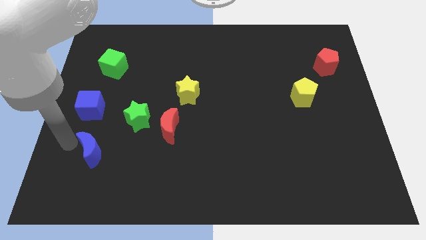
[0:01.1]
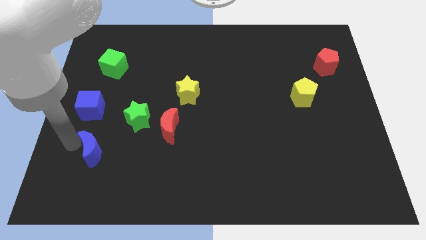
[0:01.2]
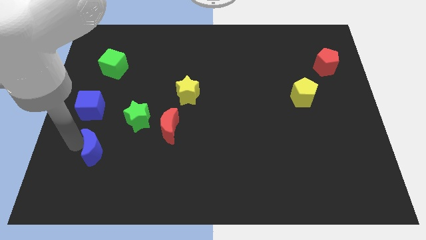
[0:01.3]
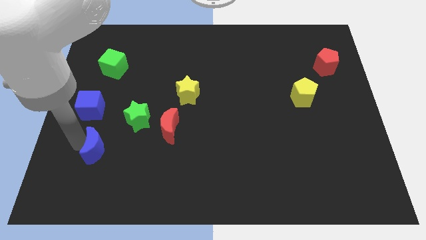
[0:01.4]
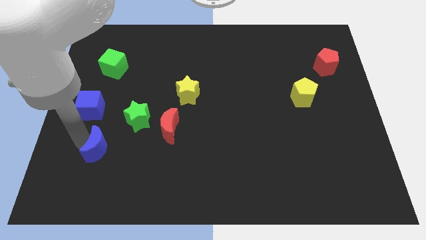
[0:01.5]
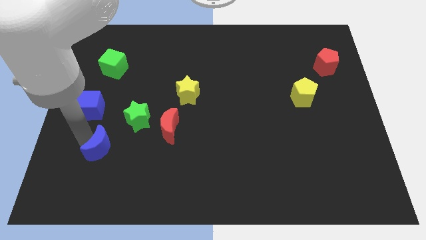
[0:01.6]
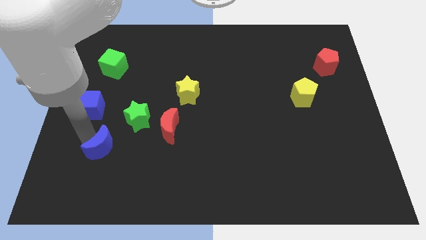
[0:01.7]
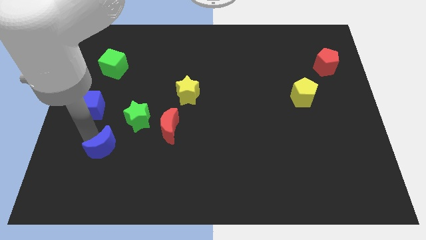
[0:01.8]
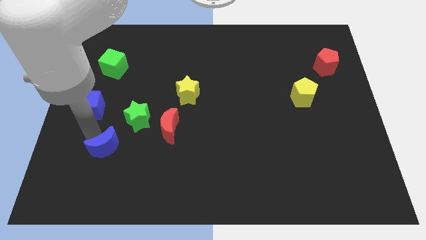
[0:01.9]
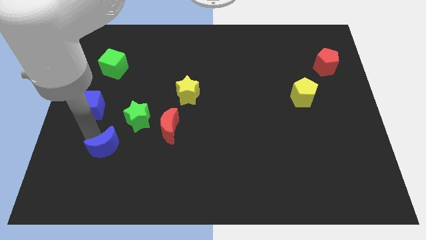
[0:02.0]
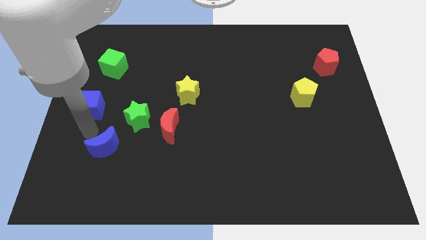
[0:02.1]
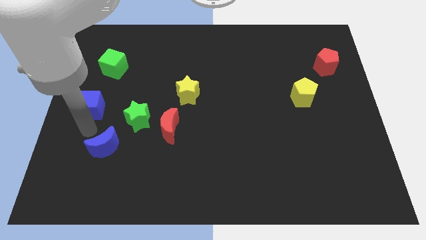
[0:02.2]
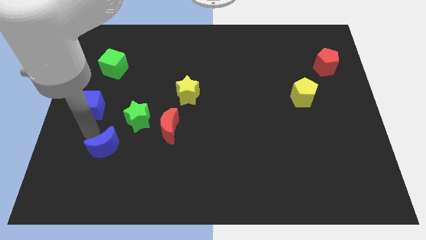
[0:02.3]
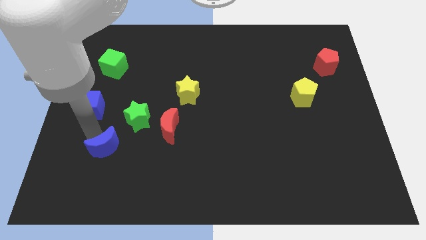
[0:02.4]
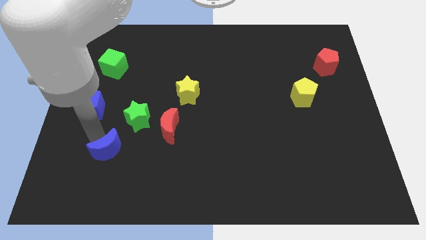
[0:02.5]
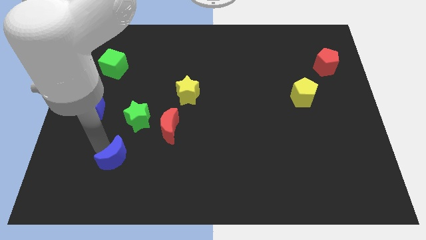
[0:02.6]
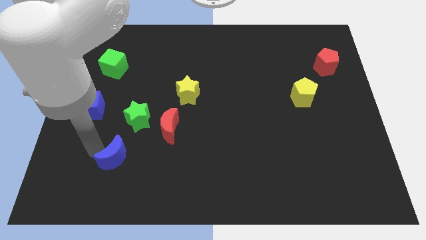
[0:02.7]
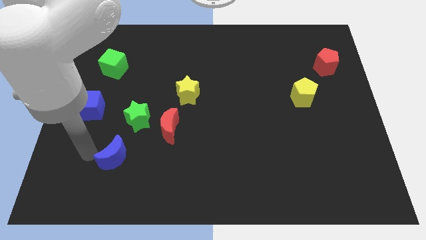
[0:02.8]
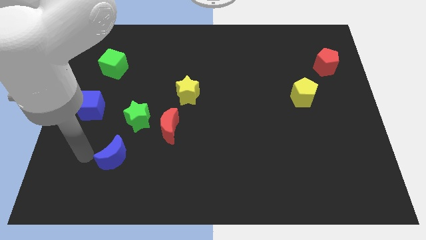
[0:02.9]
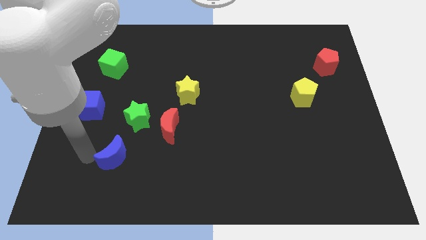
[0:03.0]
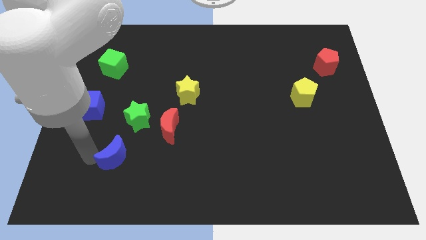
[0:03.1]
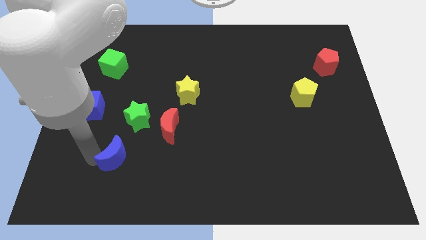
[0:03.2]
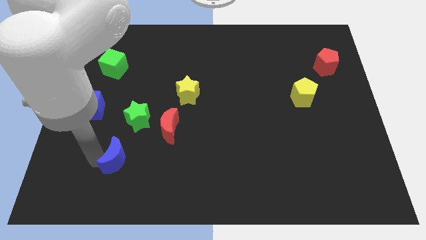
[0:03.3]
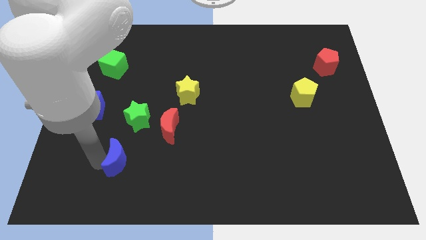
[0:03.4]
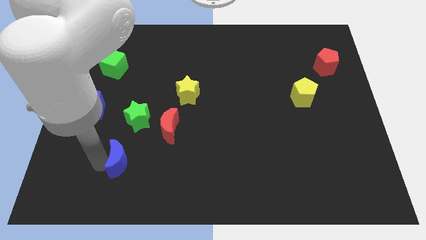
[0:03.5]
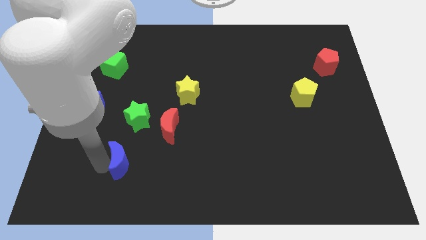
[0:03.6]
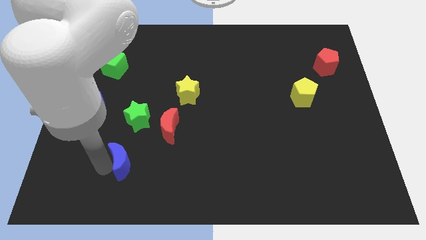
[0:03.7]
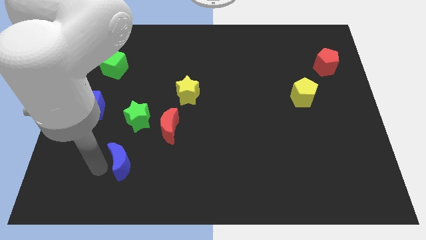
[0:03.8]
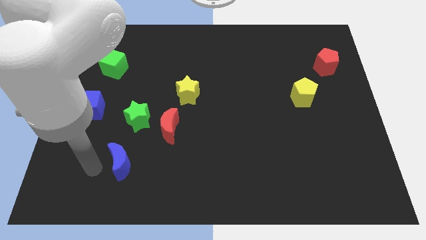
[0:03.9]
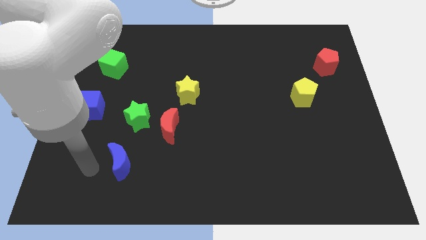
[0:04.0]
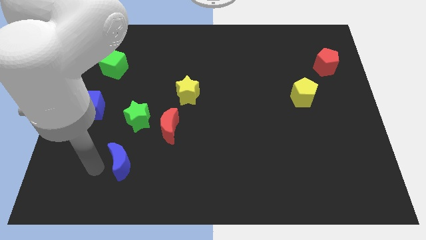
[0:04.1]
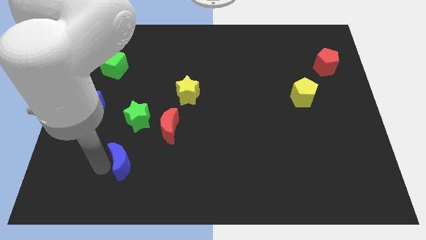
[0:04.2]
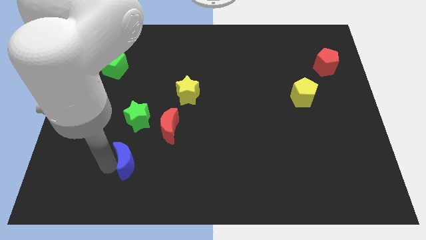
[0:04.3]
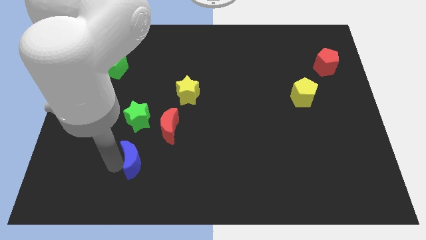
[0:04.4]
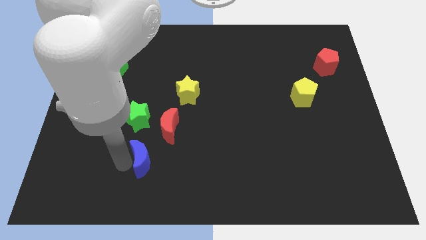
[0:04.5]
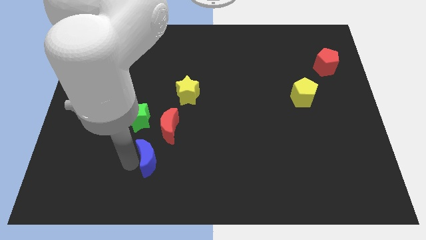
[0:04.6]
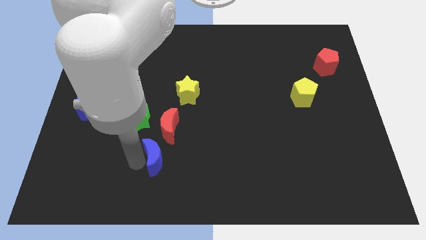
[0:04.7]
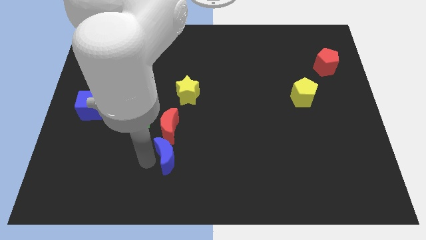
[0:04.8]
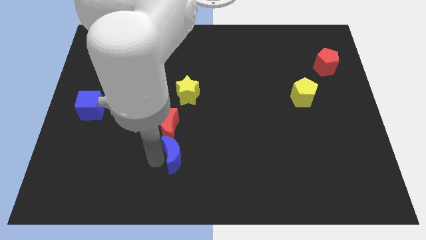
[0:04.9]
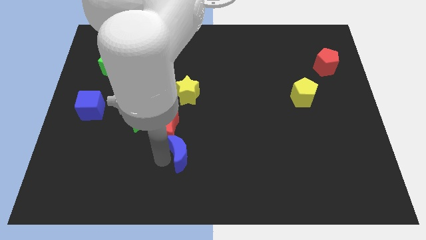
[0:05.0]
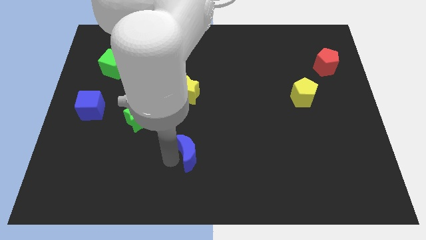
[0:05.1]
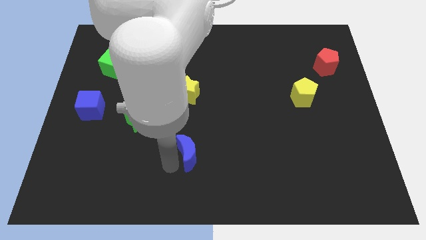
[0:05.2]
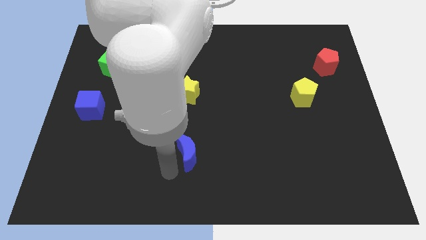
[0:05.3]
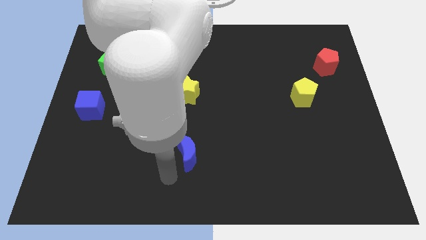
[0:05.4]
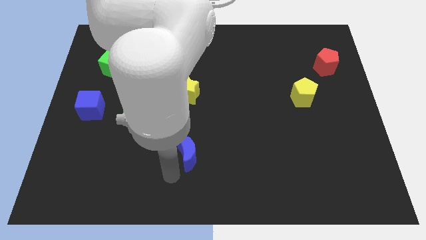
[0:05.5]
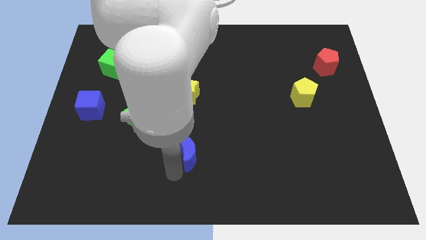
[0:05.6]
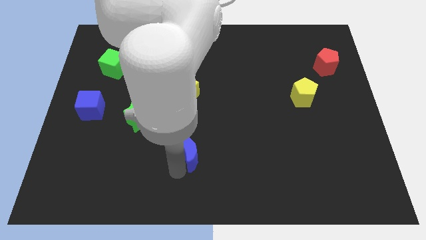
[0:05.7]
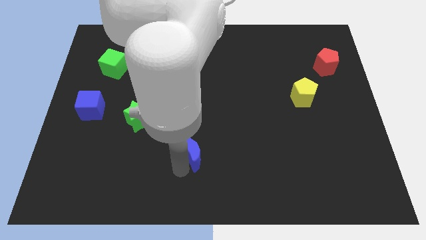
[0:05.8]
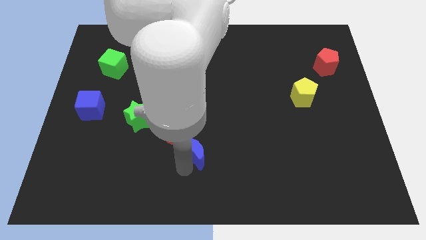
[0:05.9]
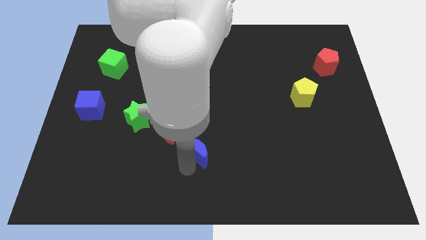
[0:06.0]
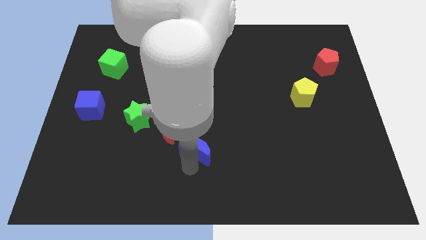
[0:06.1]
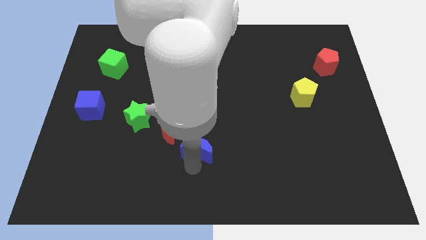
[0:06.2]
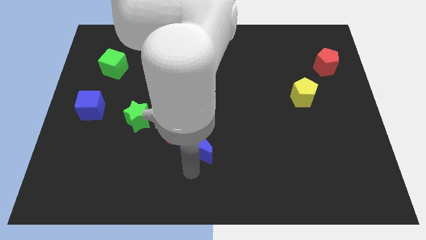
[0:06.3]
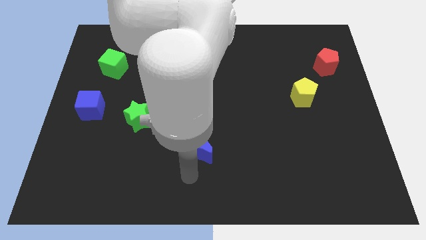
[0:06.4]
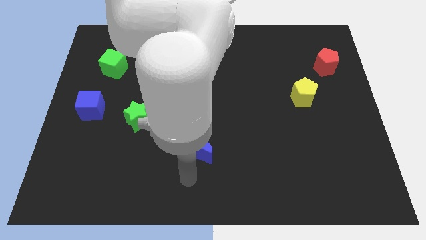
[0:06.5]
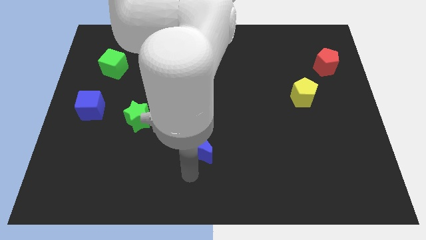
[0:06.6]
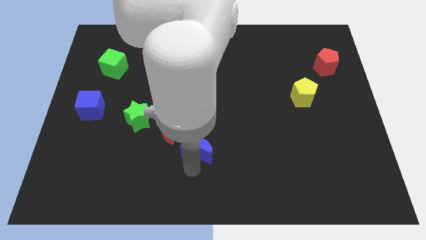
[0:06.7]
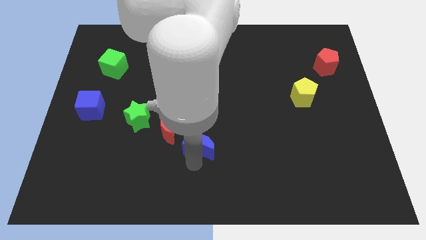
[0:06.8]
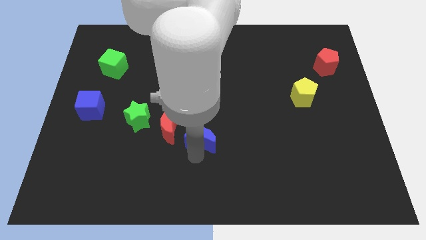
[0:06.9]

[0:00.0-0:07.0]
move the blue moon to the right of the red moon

--- WHAT THE TASK ASKS ---
Leaving out only the pictures, retype every record exactly.

--- SOLUTION ---
[0:01.1]
[0:01.2]
[0:01.3]
[0:01.4]
[0:01.5]
[0:01.6]
[0:01.7]
[0:01.8]
[0:01.9]
[0:02.0]
[0:02.1]
[0:02.2]
[0:02.3]
[0:02.4]
[0:02.5]
[0:02.6]
[0:02.7]
[0:02.8]
[0:02.9]
[0:03.0]
[0:03.1]
[0:03.2]
[0:03.3]
[0:03.4]
[0:03.5]
[0:03.6]
[0:03.7]
[0:03.8]
[0:03.9]
[0:04.0]
[0:04.1]
[0:04.2]
[0:04.3]
[0:04.4]
[0:04.5]
[0:04.6]
[0:04.7]
[0:04.8]
[0:04.9]
[0:05.0]
[0:05.1]
[0:05.2]
[0:05.3]
[0:05.4]
[0:05.5]
[0:05.6]
[0:05.7]
[0:05.8]
[0:05.9]
[0:06.0]
[0:06.1]
[0:06.2]
[0:06.3]
[0:06.4]
[0:06.5]
[0:06.6]
[0:06.7]
[0:06.8]
[0:06.9]

[0:00.0-0:07.0]
move the blue moon to the right of the red moon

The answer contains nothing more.